The closest thing I have to a coach is paying Adam once every three months to tell me what I’m doing wrong and how to fix it in the upcoming months. He doesn’t build workouts for me or track anything I do or don’t do. The rest is on me. I have to stay accountable to myself. So often I think to myself, “It’d be nice to pay someone to do this for me,” but when coaches cost $200 per month, I remember that Nice is just a city in France.

I’ve been paying for my own cycling kits since I started buying them. I’ve spent hundreds of dollars on jerseys, bibs, thermals, jackets, arm warmers, leg warmers, and replacing them time and time again. That is until I started at Strava. They offer a gear stipend, so my most recent order was reimbursed. Thankfully. I’m lucky to be on a team who values their members. As a Cat 3, I got new shoes and a helmet this coming season. It comes with a bigger responsibility, but if I paid for them myself, it’d be around $400.

I only race locally. I can’t afford to travel to far-away places to race my bike. Even going to Utah or Oklahoma would set me back a few hundred dollars and I just don’t have the financial means to make that happen at this time in my life. So, instead, I focus on trying new races in Colorado to change things up and to continue to challenge myself.

When I think of the expense of being an amateur bike racer – getting paid to race my bike, all expenses paid, and nothing coming out of my pocket – I think about all the money I’d save if I was a professional. Saving my money for other stuff. Outside of training, having free time to do whatever I wanted. I wouldn’t have to go to a desk job from 9 – 5. I could wake up whenever I wanted. Pop off to some foreign country to ride my bike. You know, what you see on the Instagram of professional cyclists.

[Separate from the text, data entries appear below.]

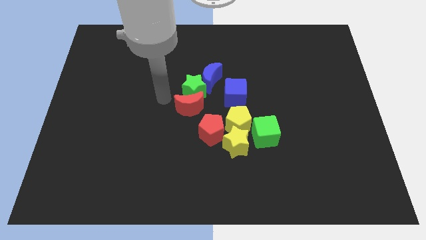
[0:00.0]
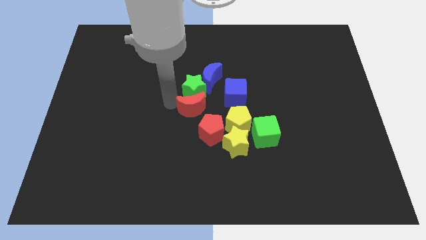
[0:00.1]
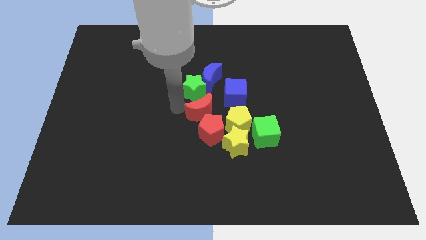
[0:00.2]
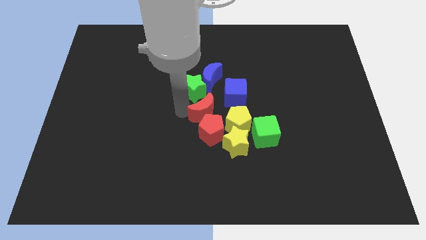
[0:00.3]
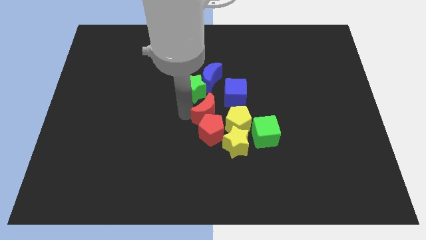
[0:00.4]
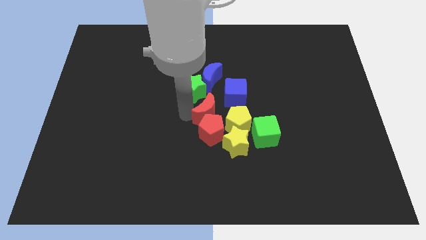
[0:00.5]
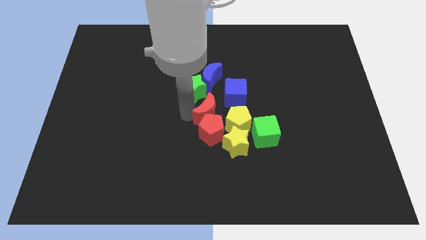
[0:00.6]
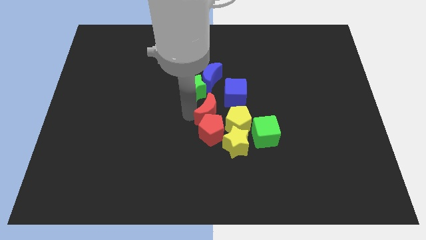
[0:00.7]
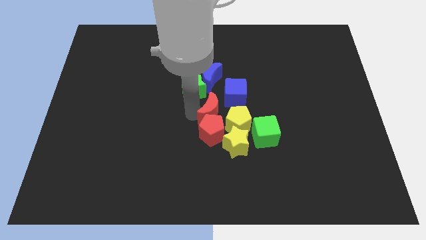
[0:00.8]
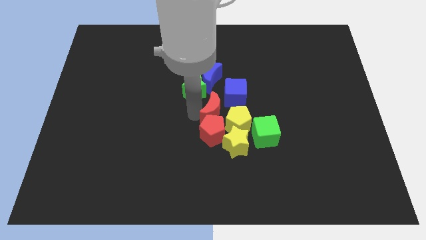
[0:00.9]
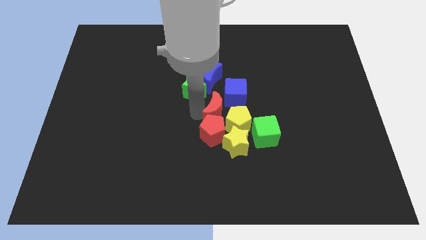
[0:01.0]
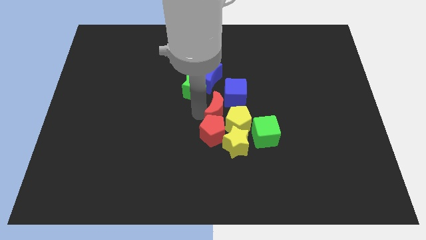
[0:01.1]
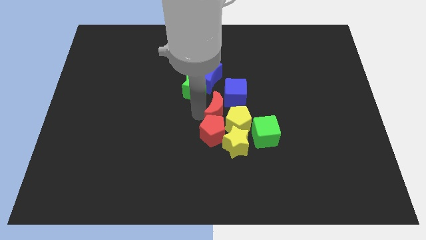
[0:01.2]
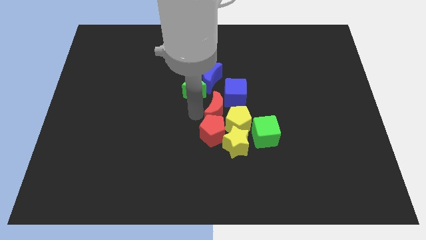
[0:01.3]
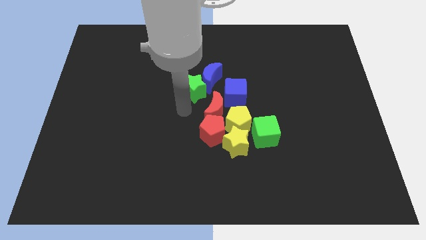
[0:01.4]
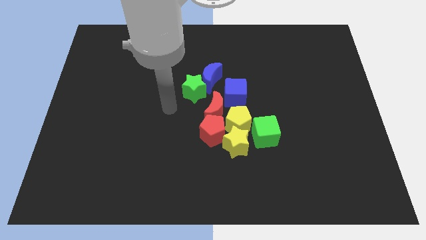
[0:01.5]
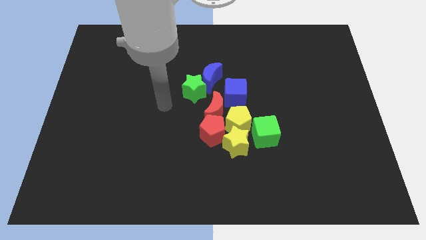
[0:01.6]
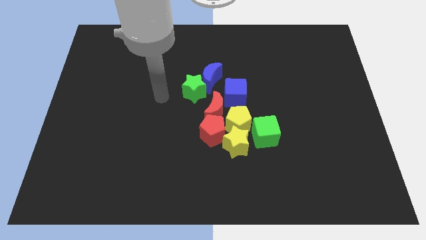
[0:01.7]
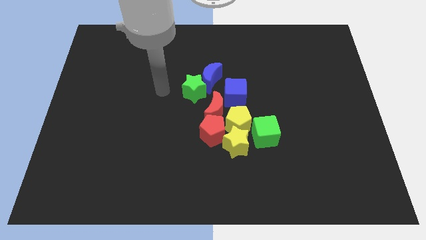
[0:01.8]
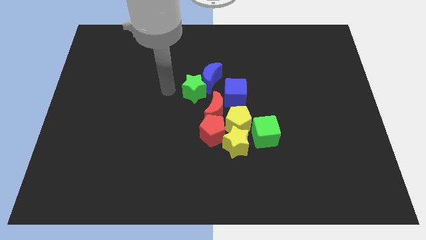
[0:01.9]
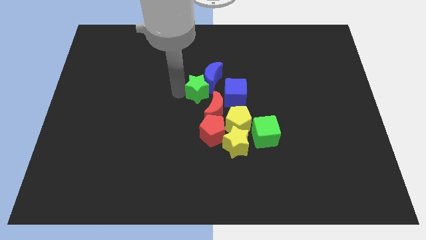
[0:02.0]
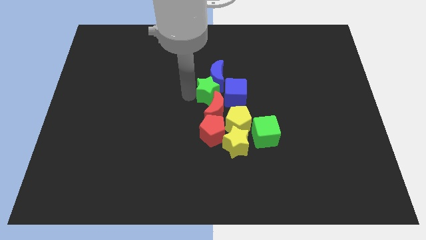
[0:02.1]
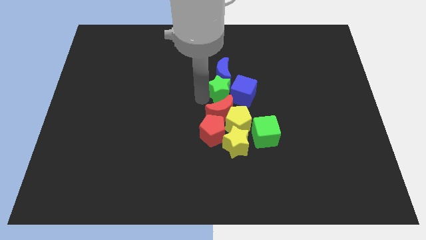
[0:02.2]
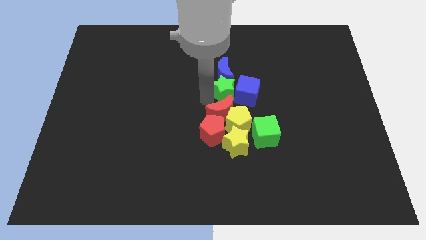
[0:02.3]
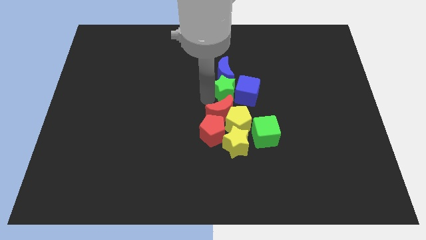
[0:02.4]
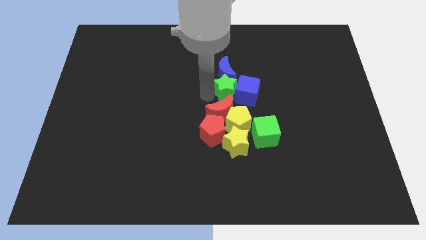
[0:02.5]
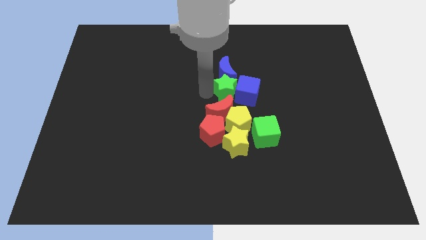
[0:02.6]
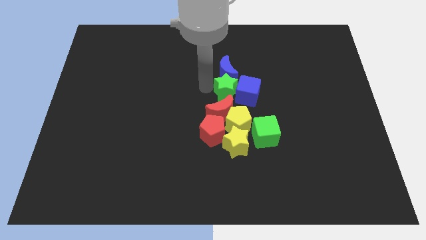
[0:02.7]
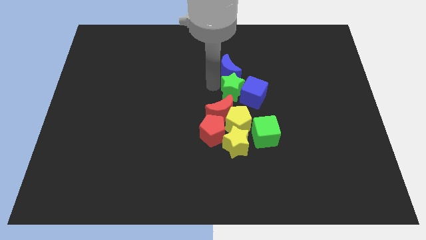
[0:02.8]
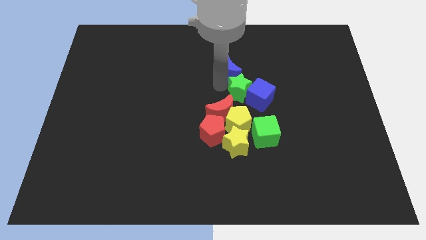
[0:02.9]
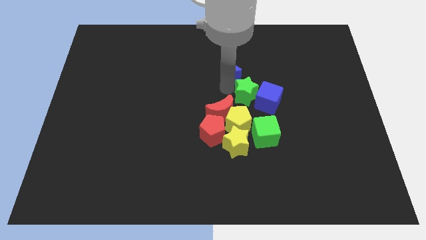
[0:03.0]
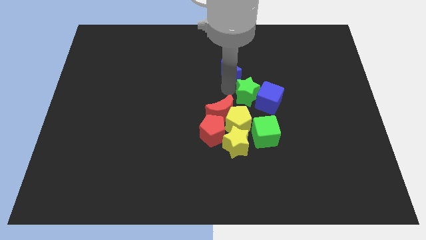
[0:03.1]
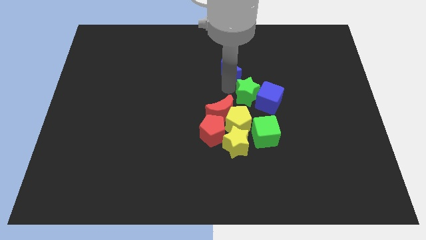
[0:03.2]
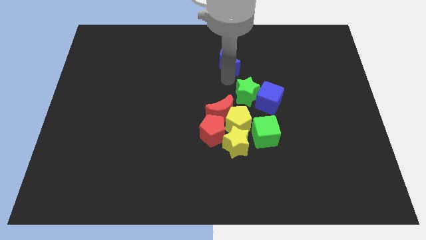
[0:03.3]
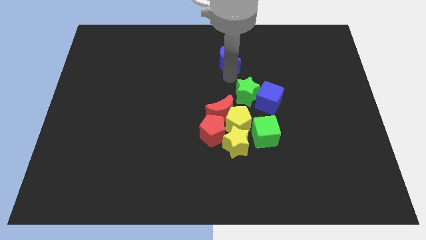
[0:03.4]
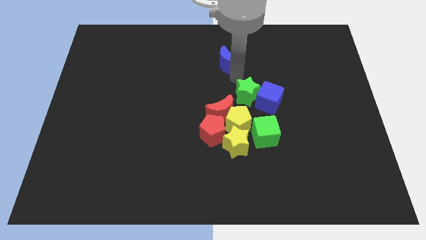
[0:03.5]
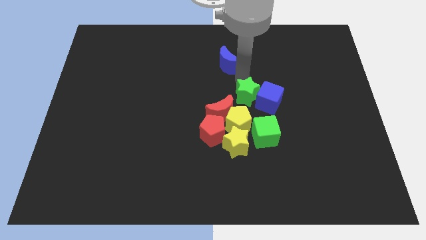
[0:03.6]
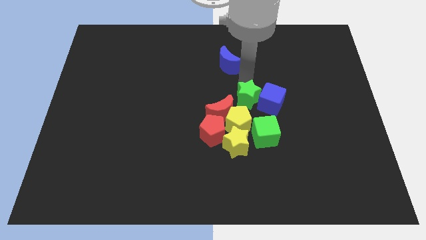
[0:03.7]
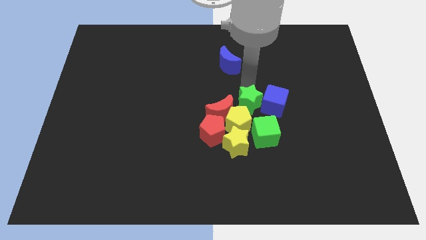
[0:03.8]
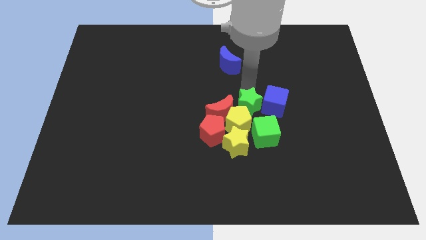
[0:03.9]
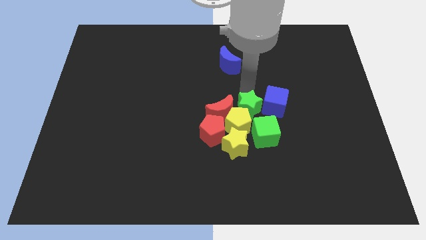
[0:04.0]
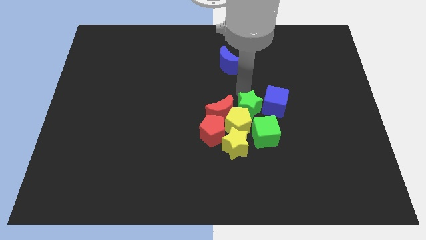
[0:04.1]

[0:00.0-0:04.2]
move the red moon and the green star into the group of blocks

But just like my 9-5 job, professional cyclists are expected to perform. They’re expected to race and to race well. To show up when they’re told and be prepared. Results from a race will either make or break them. If they have a shitty season, they could be dropped from team. Hell, even if they had an amazing season, the team may no longer have a sponsor. Without a title sponsor, there is little to no pay, and then they’re looking for a full-time job because they couldn’t join a team’s roster.

After speaking with Meredith Miller on my podcast a month ago, I realized I didn’t want that kind of life. That there would be so much pressure to perform and constantly having to find a way to make money doing the thing I loved. That my finances depended on my ability to perform on a bike and even if I was the best cyclist, the team could still fold and I’d be without an income. I told Meredith I didn’t think I’d be able to focus on a race knowing that the next season wasn’t guaranteed. Meredith told me that most of the women on her team relied on their husbands or partners or had part-time jobs to help supplement their income. Women don’t make shit in the professional peloton.

So, I’d still have to work part-time in order to afford my lifestyle, while racing my bike with the pressure of performing the best, otherwise, I could be cut from the team. At the same time, no one is sure the title sponsor (or any of the sponsors) will return the following year?

I like having bike racing separate from my income. Sure, it uses a lot of my income, but how I make money and what I do for fun needs to be independent of each other. For me. If that’s the case and I’m no longer interested in becoming a professional, what then?